Durante la fase di preparazione e nelle prime amichevoli estive il mister impiegava nel ruolo di esterno sinistro Andrea Fattizzo o Luca Fratarcangeli mentre io e Fabio Grosso ci giocavamo il posto da mezzala sinistra. Una settimana prima dell’inizio del campionato Morganti mi prese da parte e sondò la mia disponibilità a giocare da esterno sinistro. Nella mia carriera  avevo sempre ricoperto il ruolo di centrocampista centrale ed era quindi una novità assoluta ma accettai di buon grado la proposta. Con mio stesso stupore mi trovai completamente a mio agio sulla fascia e devo dire che il mister ebbe un’idea folgorante. Se potessi tornare ragazzo comincerei a giocare da esterno sin da subito e, al netto della sfortuna che mi ha tartassato con due infortuni al ginocchio e ben cinque alla caviglia, avrei probabilmente avuto un’altra carriera.

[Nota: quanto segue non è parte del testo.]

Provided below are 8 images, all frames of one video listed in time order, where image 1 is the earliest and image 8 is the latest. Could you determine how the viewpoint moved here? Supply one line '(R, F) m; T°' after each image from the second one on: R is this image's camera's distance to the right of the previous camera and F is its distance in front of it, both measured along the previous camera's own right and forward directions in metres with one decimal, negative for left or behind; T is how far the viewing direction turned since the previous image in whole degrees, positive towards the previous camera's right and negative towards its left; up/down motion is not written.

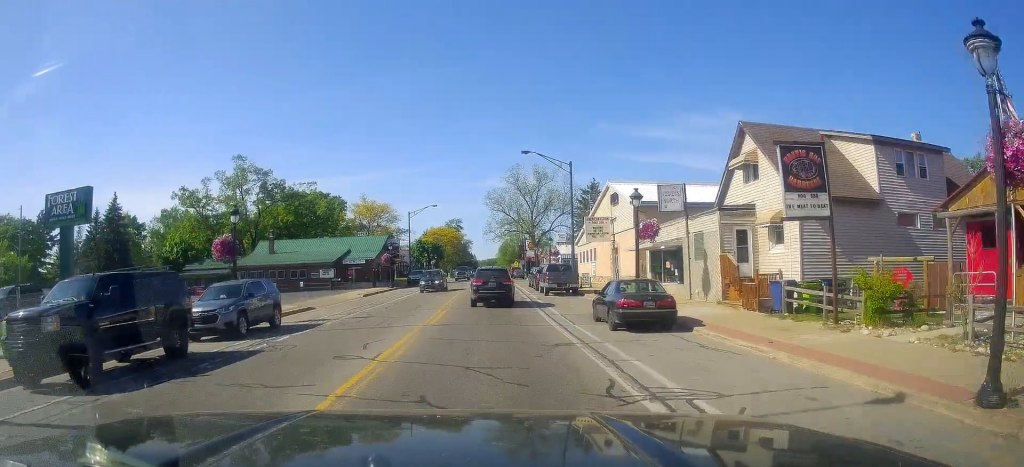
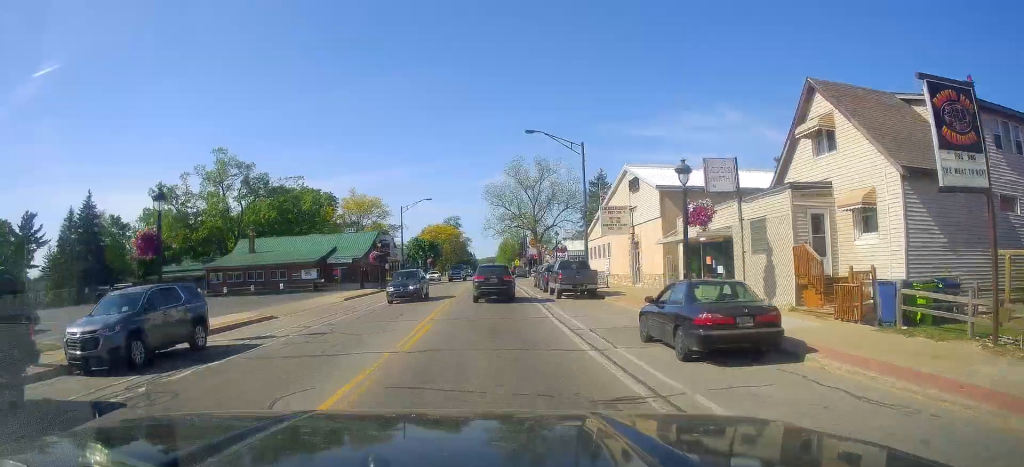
(0.0, +6.1) m; -2°
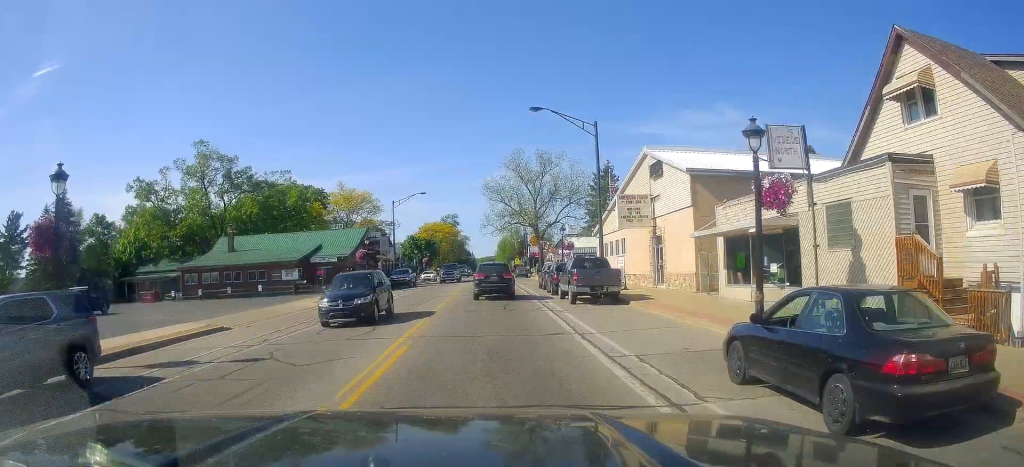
(+0.1, +5.3) m; -3°
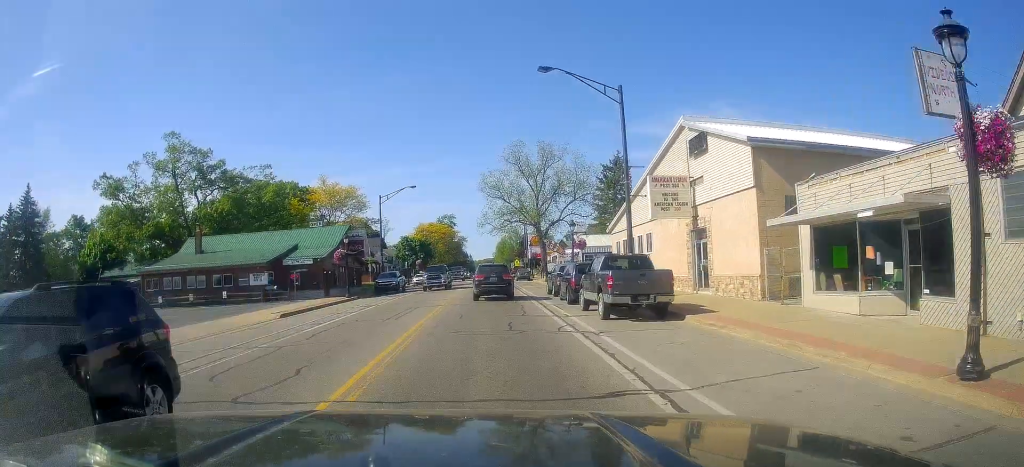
(-0.6, +6.9) m; 0°
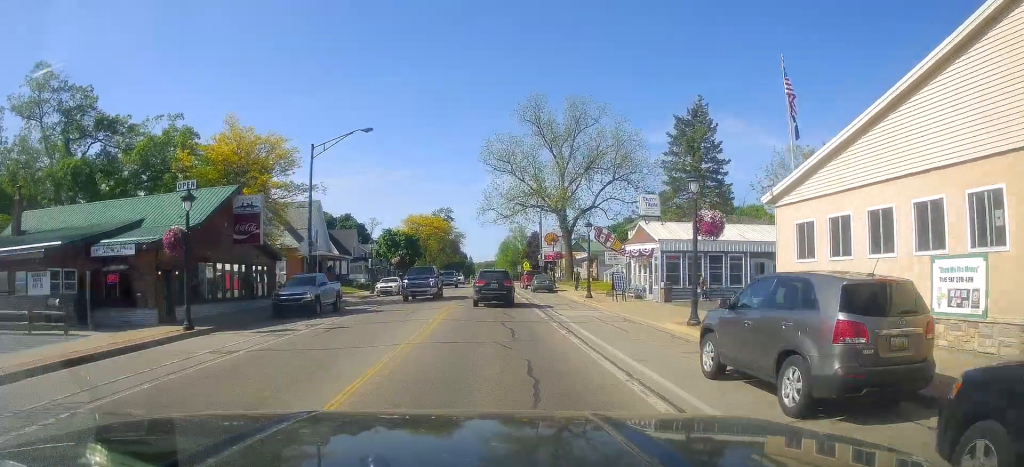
(+1.8, +24.1) m; +7°
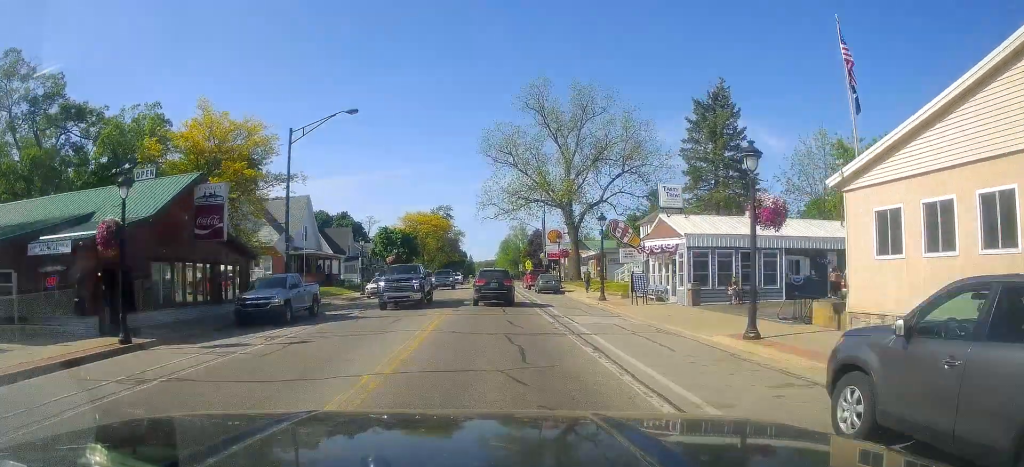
(-0.1, +4.0) m; +2°
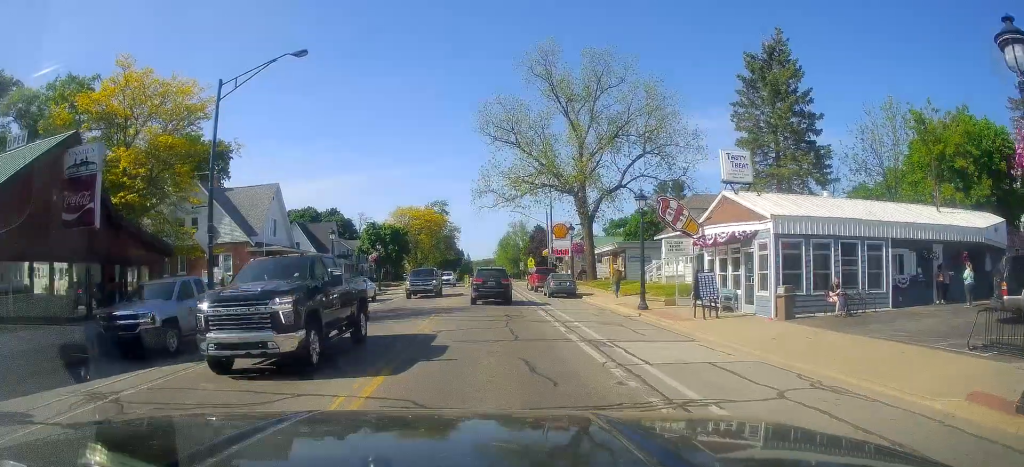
(+0.6, +8.5) m; +1°
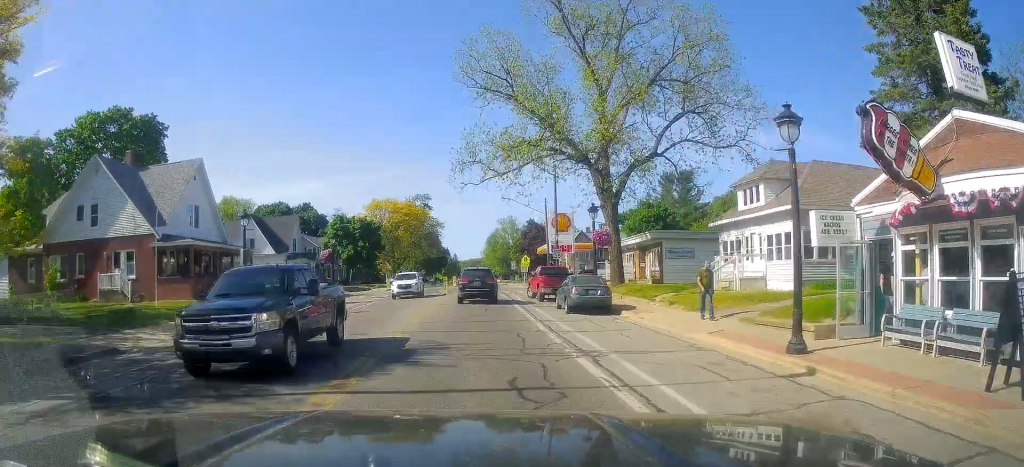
(-0.7, +13.0) m; -5°

Il mister scelse me in quel ruolo perché probabilmente gli garantivo maggiore rabbia agonistica e forza fisica rispetto a Grosso che era meno dinamico di me ma aveva un piede educatissimo.  E pensare che l’anno successivo, dopo il trasferimento al Perugia e grazie all’intuizione di Serse Cosmi, Fabio visse la mia stessa “trasformazione” da centrocampista/mezzala ad esterno sinistro. Sinceramente pensavo che non sarebbe stato in grado di ricoprire quel ruolo ed invece dimostrò il contrario diventando un ottimo esterno sinistro, e fu soprattutto grazie a lui che vincemmo il mondiale nel 2006.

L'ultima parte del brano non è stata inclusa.